— В Испании мне впервые по-настоящему стало ясно, где, в чьих рядах мое место, — рассказывал нам Неруда на дружеском ужине после вручения ему Международной премии «За укрепление мира между народами». — Там я научился хорошо различать, где красное, где черное; где мир и где война: где добро и где зло. С тех пор я с вами, советские друзья. Я в ваших рядах. И не как волонтер из иностранного легиона, а как ваш солдат, каковым и прошу меня считать до конца жизни.
Да, он был солдатом. Храбрым, стойким солдатом, не боявшимся опасности, умеющим защищать свои убеждения. Он сумел в своих стихах выразить чувства братской солидарности народов Латинской Америки с советскими людьми, которые в начале второй мировой войны один на один сражались с объединенными силами мирового фашизма, сплотившимися под гитлеровскими знаменами.
Его поэмы «Песнь любви к Сталинграду», «Песнь в честь Красной Армии, подошедшей к воротам Пруссии» — эти два произведения о мужестве советского народа, о необоримой силе его идей — прекрасные страницы творчества Неруды.
После второй мировой войны Пабло Неруда был избран сенатором Чили. Но его страстные выступления с сенатской трибуны против провокационной политики правящих кругов страны, его разоблачения тайной и роковой роли североамериканского ЦРУ в делах и жизни Чили привели сенатора на нелегальное положение. Сенатор Рикардо Басуальто стал изгнанником. Но поэт Пабло Неруда продолжал свою бурную антиимпериалистическую деятельность, разя врагов мира и врагов своей страны поэтическим оружием.

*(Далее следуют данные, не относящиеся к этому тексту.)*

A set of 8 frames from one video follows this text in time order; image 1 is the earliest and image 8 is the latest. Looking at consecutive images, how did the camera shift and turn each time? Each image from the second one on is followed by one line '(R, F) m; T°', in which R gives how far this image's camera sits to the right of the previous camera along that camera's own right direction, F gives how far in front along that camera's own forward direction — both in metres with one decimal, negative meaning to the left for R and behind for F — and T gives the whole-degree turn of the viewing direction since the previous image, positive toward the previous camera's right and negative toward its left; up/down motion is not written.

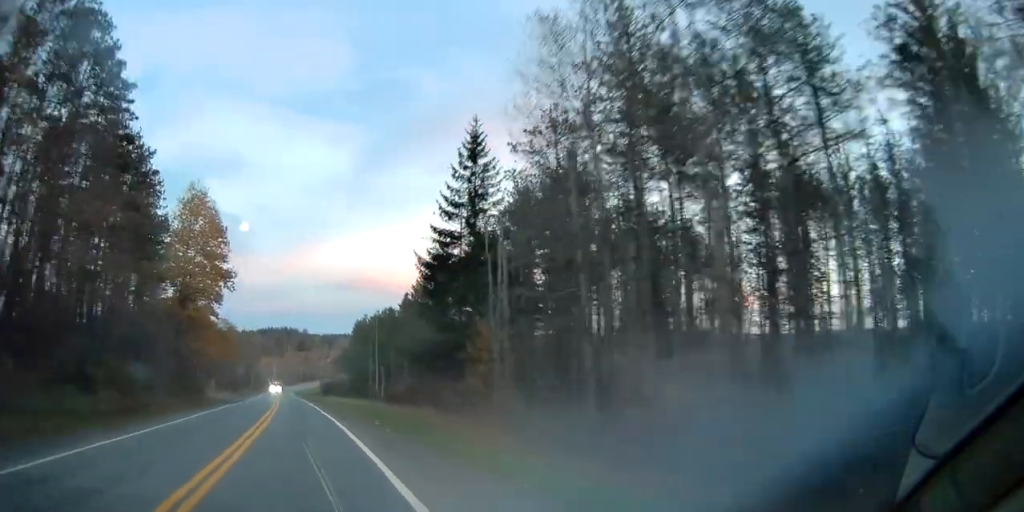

В те годы из-под его пера выходит сборник поэм «Виноградники Европы и ветры Азии», в котором, пожалуй, самой значительной главой является поэма «Сибирский экспресс», посвященная нашему послевоенному восстановлению и созиданию.
Он — участник почти всех конгрессов Сторонников мира, активный участник, вокруг которого всегда кипят самые боевые силы международных форумов.
Яркая деятельность Неруды получила широкое и поистине всемирное признание. Кроме Международной премии «За укрепление мира между народами», о которой я уже упоминал, он получает за свою поэму «Да пробудится лесоруб» Международную премию Мира, а затем и Нобелевскую премию…
Когда я узнал, что Неруды нет уже в живых, ярко вспомнилось последнее свидание с этим необыкновенным человеком, дружбой которого я всегда гордился.
В последние годы жизни Неруда вернулся к дипломатической деятельности. Да к какой! Полномочный посол Республики Чили в столице Франции.
Я легко представлял его, большого, медлительного, иронического, наносящего с трибуны какого-нибудь конгресса удары по врагам мира. Или в читательской аудитории, неторопливо, монотонно, как бы цедящего сквозь зубы свои стихи. Или за дружеским столом в каком-нибудь крохотном замысловатом кабачке, где он, негромкий и немногословный, всегда оказывался в центре застолицы. Но в качестве полномочного министра, посла своей страны в Париже никак не мог его себе вообразить.
И вот представился случай. Возвращаясь из дальних странствий, я и мой друг из-за несовпадения расписания рейсовых самолетов вынуждены были задержаться в Париже. Первый день пасхи. Гудят колокола знаменитых соборов. Город просто сияет молодой листвой своих бульваров и парков, пестро, шумно отмечает этот весенний праздник. Позвонили по одному, по другому, по третьему телефонам. Никого из французских друзей дома не оказалось. И пришла мысль: а ну-ка позвоним послу республики Чили.
Без особого труда соединились с Нерудой и услышали его такую знакомую неторопливую хрипловатую речь: да, да, он дома. Он рад, что мы ему позвонили. Он приглашает, он просто требует, чтобы мы заехали к нему. Правда, Матильды нет. Она дома, за океаном. И он должен на час отлучиться на какую-то нудную, необязательную дипломатическую церемонию, черт бы ее побрал. Но ничего. Приезжайте немедленно. Первым же такси. И не завтракайте, а то вам будет скучно меня ждать.
Загадочный смысл этой фразы стал ясен сразу же, как только дежуривший в посольстве чиновник, молодой человек с остренькими косыми бачками, провел нас прямо в личные апартаменты посла к богато накрытому столу, посреди которого возвышалась затейливая сулея индейской работы, наполненная густым рубиновым вином. Проводивший нас молодой дипломат, перед тем как откланяться, многозначительно показал лежащую на столе записку. Каллиграфическим почерком были выведены на ней по-русски три слова: «Здравствуйте. Ешьте. Пейте!» Последнее слово этого приглашения было энергично подчеркнуто и сопровождено жирнейшим восклицательным знаком.